US Secretary of State John Kerry on Thursday demanded that Russia stop bombing the Syrian opposition, implicitly blaming Moscow for the collapse in peace talks.

Speaking in London ahead of a conference on the Syrian humanitarian effort, Mr Kerry said he had called Russian Foreign Minister Sergei Lavrov for a “robust” discussion.

In Geneva on Wednesday, UN envoy Staffan de Mistura suspended attempts to begin a dialogue between Bashar al-Assad’s regime and the Syrian opposition.

UN SECURITY COUNCIL RESOLUTION

Alongside Britain’s Foreign Minister Phillip Hammond, Mr Kerry read out sections of UN Security Council resolution 2254, passed in December, calling for an immediate ceasefire.

“Russia has a responsibility, as do all parties, to live up to it,” he said.

“So I had a conversation this morning with Foreign Minister Lavrov.

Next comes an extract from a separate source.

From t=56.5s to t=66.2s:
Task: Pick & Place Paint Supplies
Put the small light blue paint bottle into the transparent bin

(READ: Russia, US agree joint push for peace in Syria)

We discussed, and we agreed, that we need to discuss how to implement the ceasefire.”

Kerry also said that both parties to the conflict - the rebels as well as the regime and its allies - must allow access to besieged areas for humanitarian aid.

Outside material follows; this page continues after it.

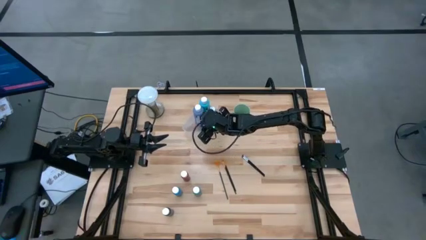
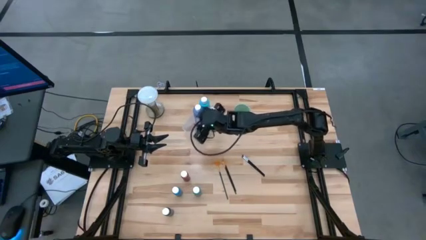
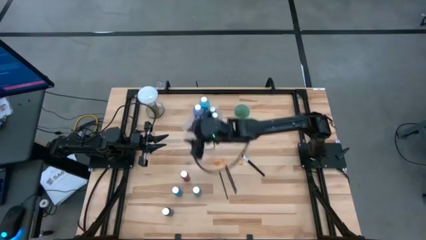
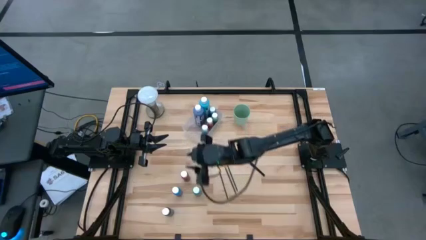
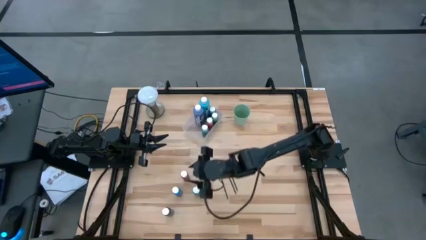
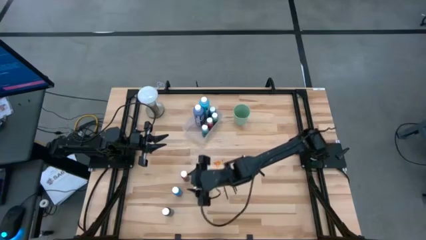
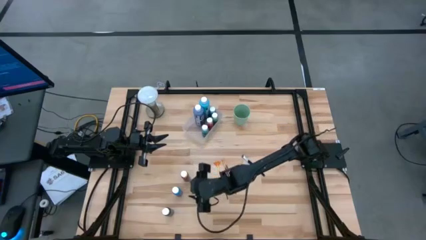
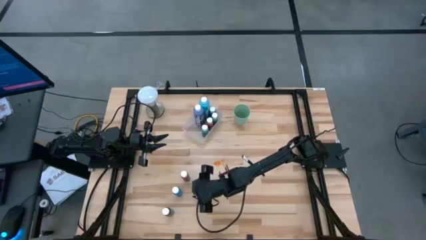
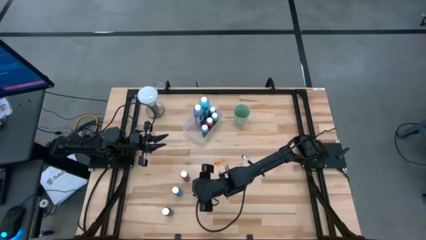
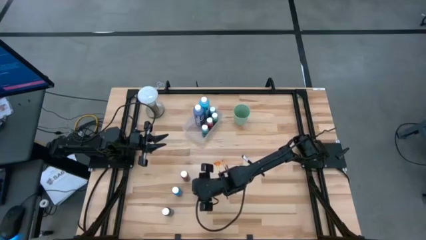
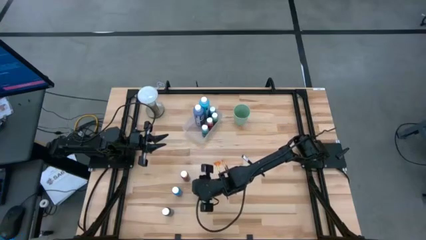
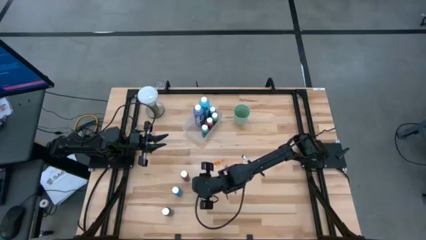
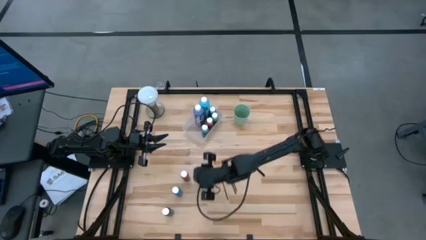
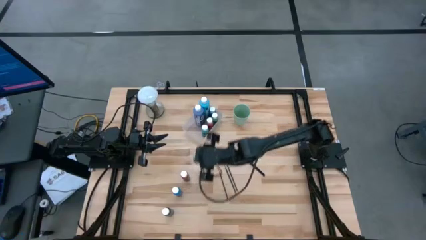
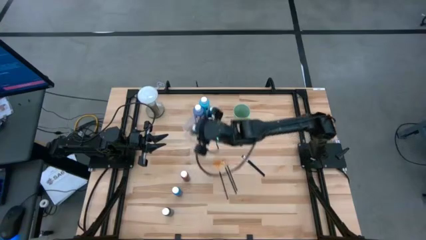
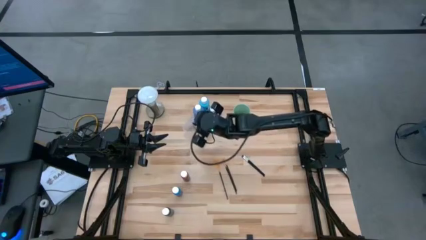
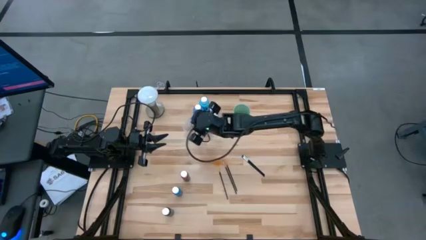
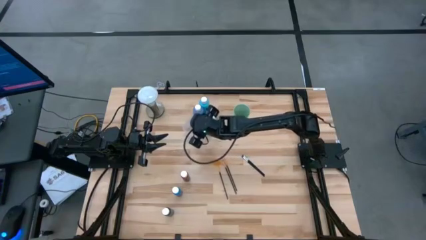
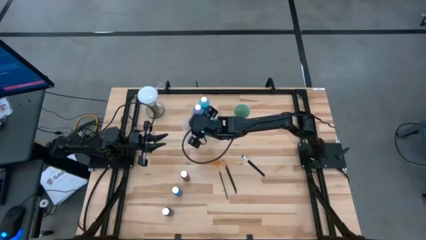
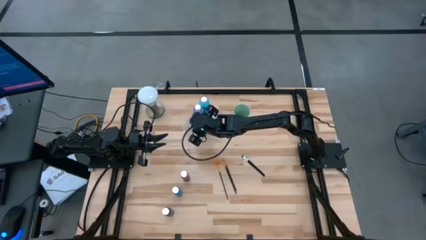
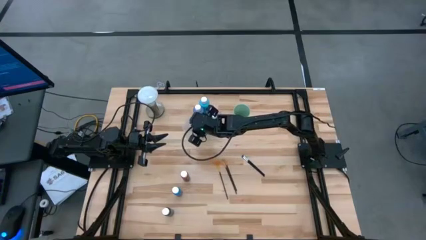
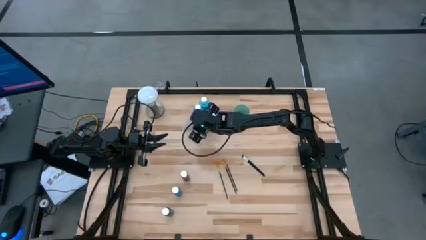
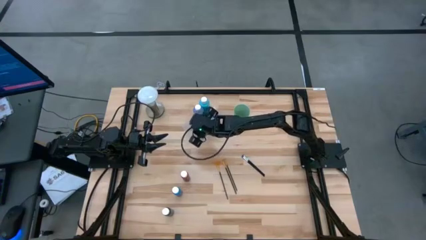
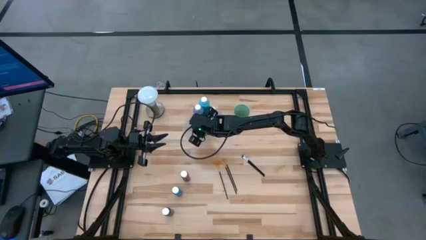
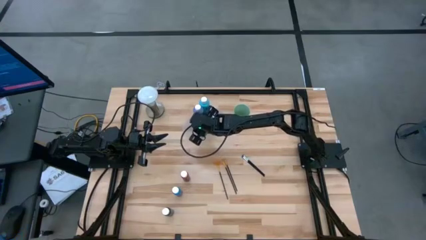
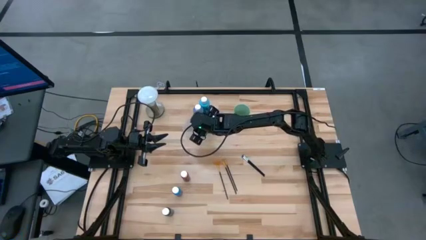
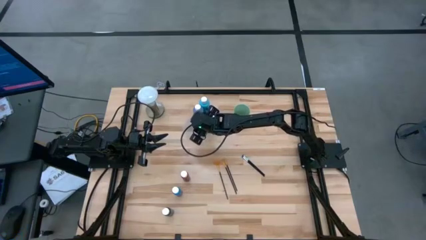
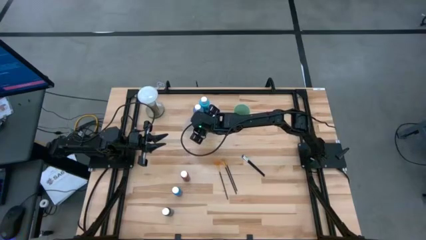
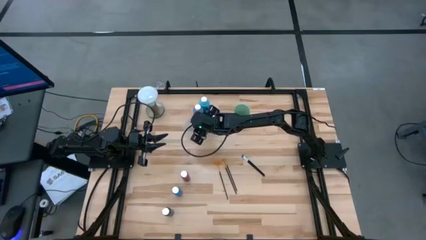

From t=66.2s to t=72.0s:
Put the small green paint bottle into the transparent bin

“So we had a robust discussion this morning about that. We will be continuing the discussion,” Mr Kerry said.

“Foreign Minister Lavrov and I will talk again on Friday or Saturday as we further this process and find the way forward to be able to implement this resolution fully.”

KREMLIN'S RESPONSE

The Russian foreign ministry said the ministers had agreed to do everything possible to make the break in Syrian peace talks “as short as possible.”

According to the Moscow read-out, Mr Lavrov also voiced concern about “unacceptable” preliminary conditions being put forward by “some representatives” of the Syrian opposition.

Moscow added that the two top diplomats - who are set to meet for talks in Munich on February 11 - agreed to coordinate possible steps to bring humanitarian aid to affected areas by air.

As part of a contact group known as the International Syria Support Group, Russia and the United States worked together to get the warring parties to the table in Geneva.

But, while Washington and its ally Saudi Arabia remain close to the opposition, Moscow has continued to take Assad’s side and its aircraft bomb opposition targets daily.

This has contributed to the mood of distrust at the talks, and the United Nations has proved unable to get the sides into serious negotiations on a political settlement.

After a breakfast meeting with a small group of European and Middle Eastern powers, Mr Kerry and Mr Hammond headed into a donors conference to raise money to aid Syrian civilians.